Okay, that was something I hadn't considered. Actually having a record
marking a test as up-to-date is a good idea. I would think a good choice
for this mark would be a file containing the test's output. I agree that
the default behavior when a specific test name is requested is to run it
even if it appears up-to-date. For the run-all-tests targets, there
should be one that always runs all tests, and one that runs out-of-date
Fortunately, there is an individual target for each test with each
back-end, and its name is well defined. This makes it easy to add new
rules that can group the tests in any combination. Perhaps having a rule
similar to the test-suite rule in the current system would be useful.
How does this look (just off the top of my head):
test.suite suite-name : test1 test2 ... ;
This would create a target for each back-end called
"back-end-name.suite-name" to run all the tests in the suite. Again, the
default back-end idea would allow a target called "suite-name" to run the
tests with the default back-end.
Also, as far as running a test versus compiling, how does this sound to
"compile", "compile-fail", "link", and "link-fail" tests are actually
built when they are run since the compile/link steps are the test itself.

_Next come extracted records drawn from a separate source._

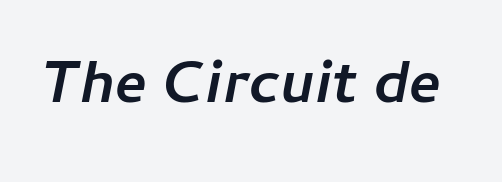
Caption: standard tracking, unaltered. Weight check: bold — yes, fully. Letters rest on an invisible, unmarked baseline. Each letter keeps its own natural width here, so spacing adapts to shape. The passage shown leans; its letterforms are oblique.
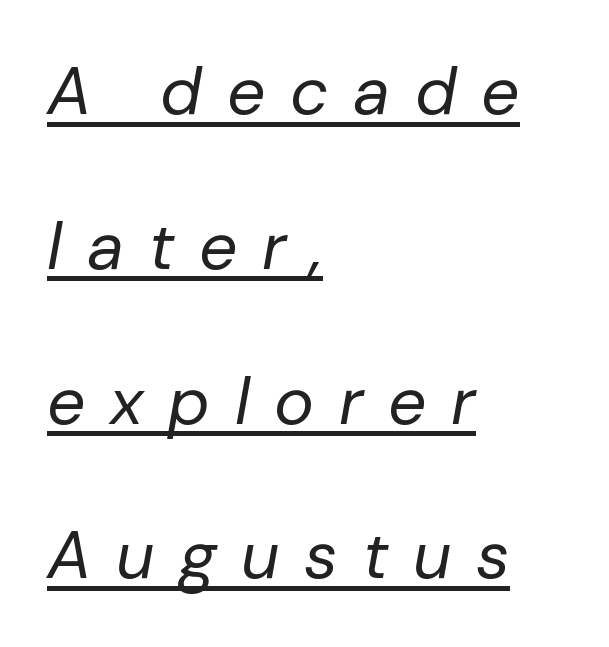
Q: Is the text bold? A: No.
Q: Is the text italic (slanted)? A: Yes, it leans right by about 10 degrees.
Q: Is the text underlined? A: Yes.
Q: How is the paragraph aligned? A: Left-aligned.
Q: Is the spacing between letters normal or unusually wide? A: Unusually wide.
Q: Is the spacing between lines tight, normal or loose? A: Loose.
Q: Width (condensed, normal, or wide)? A: Normal.
Q: Stroke contrast? A: Low.
Q: x-height? A: Medium.
Q: Monospaced? A: No.

"run" and "run-fail" tests have targets that will build them without
actually running them in addition to the normal test execution targets.

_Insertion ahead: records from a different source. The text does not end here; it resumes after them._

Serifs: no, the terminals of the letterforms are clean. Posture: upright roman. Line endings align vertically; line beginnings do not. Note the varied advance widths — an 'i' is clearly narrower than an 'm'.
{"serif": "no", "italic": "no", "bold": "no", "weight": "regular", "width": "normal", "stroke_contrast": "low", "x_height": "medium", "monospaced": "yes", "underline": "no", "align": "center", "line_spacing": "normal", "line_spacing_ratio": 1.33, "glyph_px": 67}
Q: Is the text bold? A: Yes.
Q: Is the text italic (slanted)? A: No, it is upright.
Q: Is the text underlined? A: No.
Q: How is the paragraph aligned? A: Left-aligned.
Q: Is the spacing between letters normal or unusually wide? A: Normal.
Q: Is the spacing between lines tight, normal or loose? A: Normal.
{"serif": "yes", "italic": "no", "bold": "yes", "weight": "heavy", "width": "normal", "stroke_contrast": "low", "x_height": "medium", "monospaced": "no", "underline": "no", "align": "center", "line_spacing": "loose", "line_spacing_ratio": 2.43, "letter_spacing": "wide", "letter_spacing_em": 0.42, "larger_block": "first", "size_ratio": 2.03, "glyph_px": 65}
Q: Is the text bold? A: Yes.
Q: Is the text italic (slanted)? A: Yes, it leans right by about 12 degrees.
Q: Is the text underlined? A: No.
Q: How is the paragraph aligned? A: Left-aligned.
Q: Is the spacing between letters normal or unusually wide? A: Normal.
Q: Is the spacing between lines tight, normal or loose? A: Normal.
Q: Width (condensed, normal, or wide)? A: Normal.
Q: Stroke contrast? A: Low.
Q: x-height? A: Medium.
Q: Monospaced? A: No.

The targets that actually run them will simply depend on the build
versions. This way the test will not be re-built if the executable is
up-to-date and the user requests that the test be run. It will also allow
nightly testing to build the run and run-fail tests as part of the normal
build so that any errors show up in the normal build log. This will
provide a means of distinguishing the output from building the run-* tests
and the output from actually running them.
> If you look at the python.jam file, you'll see that there's a
> PYTHON_LAUNCH variable which can be used to say how python is invoked.

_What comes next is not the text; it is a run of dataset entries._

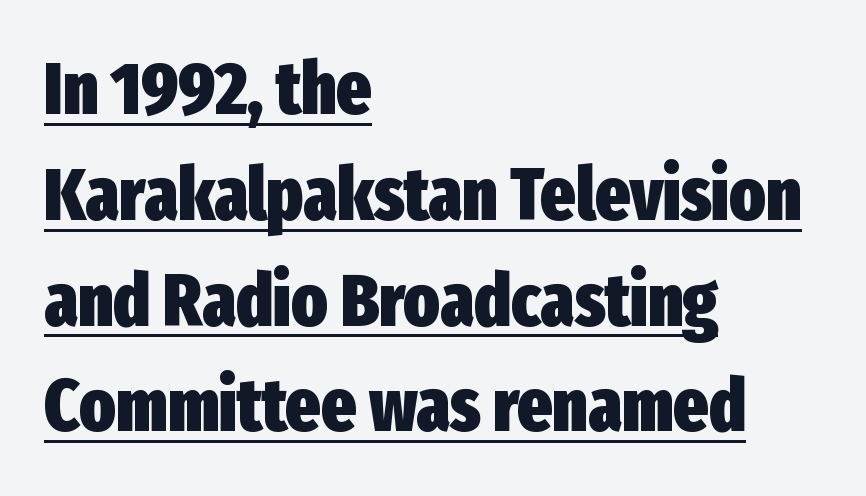
Q: Is the text bold? A: Yes.
Q: Is the text italic (slanted)? A: No, it is upright.
Q: Is the typeface a serif or a sans-serif typeface? A: Sans-serif.
Q: Is the text underlined? A: Yes.
Q: How is the paragraph aligned? A: Left-aligned.
Q: Is the spacing between letters normal or unusually wide? A: Normal.
Q: Is the spacing between lines tight, normal or loose? A: Normal.
Q: Width (condensed, normal, or wide)? A: Condensed.
Q: Stroke contrast? A: Low.
Q: x-height? A: Medium.
Q: Monospaced? A: No.
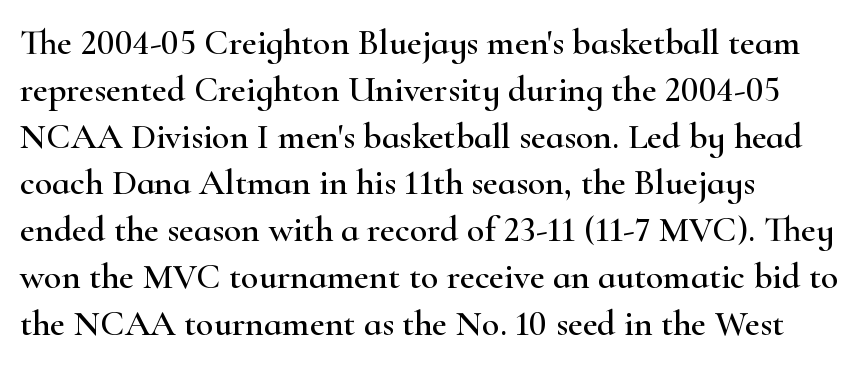
Q: Is the text italic (slanted)? A: No, it is upright.
Q: Is the typeface a serif or a sans-serif typeface? A: Serif.
Q: Is the text underlined? A: No.
Q: How is the paragraph aligned? A: Left-aligned.
Q: Is the spacing between letters normal or unusually wide? A: Normal.
Q: Is the spacing between lines tight, normal or loose? A: Normal.
Q: Width (condensed, normal, or wide)? A: Wide.
Q: Stroke contrast? A: High.
Q: x-height? A: Small.
Q: Monospaced? A: No.
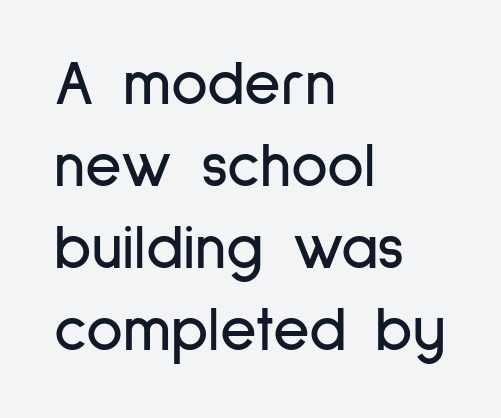
The image shows 63 px condensed sans-serif type, upright; set left-aligned, normal line spacing (1.3x), normal letter spacing, not underlined; low stroke contrast and a medium x-height.
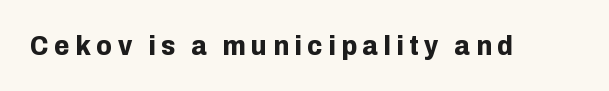
Each word looks stretched out because of the extra space between its letters. The letters stand straight up with perfectly vertical stems. The rendering shows plain stroke endings on the letterforms — a sans-serif design. What weight is shown? A full bold with thick strokes. No word sits above an underline.
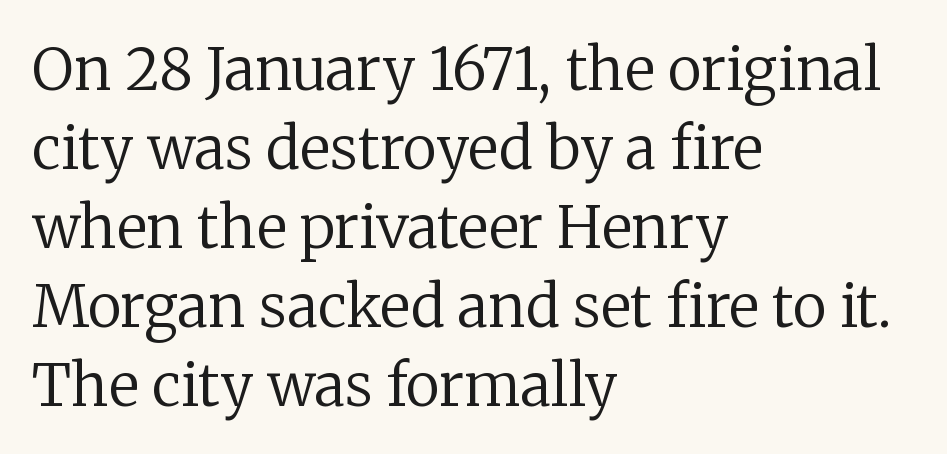
Q: Is the text bold? A: No.
Q: Is the text italic (slanted)? A: No, it is upright.
Q: Is the typeface a serif or a sans-serif typeface? A: Serif.
Q: Is the text underlined? A: No.
Q: How is the paragraph aligned? A: Left-aligned.
Q: Is the spacing between letters normal or unusually wide? A: Normal.
Q: Is the spacing between lines tight, normal or loose? A: Normal.
Q: Width (condensed, normal, or wide)? A: Normal.
Q: Stroke contrast? A: Low.
Q: x-height? A: Medium.
Q: Monospaced? A: No.

> I commonly use this to run a debugger in the same context in which the
> test needs to be run.
I'll look at that. It sound's useful...then the user won't have to figure
out what command line to run just to bring the failed test up in a
> While your approach is basically sound, it will need some adjustment to be
> compatible with the planned rewrite. Some things I noticed:
> 1. We don't write "module" explicitly, except in low-level code. See the
> contents of tools/build/new, and especially modules.jam
I was looking at that a bit. I take it that the name of the .jam file
becomes the name of the module automatically? I also see that there is a
nearly empty test.jam file. Should I write the testing front-end under
the assumption that it will be placed into that file (since the module
will probably be called "test" anyway)?
> 2. Part of the plan is to delay generation of targets (meaning the use
> of DEPENDS and action rules) until after the Jamfile has been
> completely read in. There are lots of good reasons for this, which you
> can read about in the message history. So, your initial level of
> indirection/delay will have to be extended.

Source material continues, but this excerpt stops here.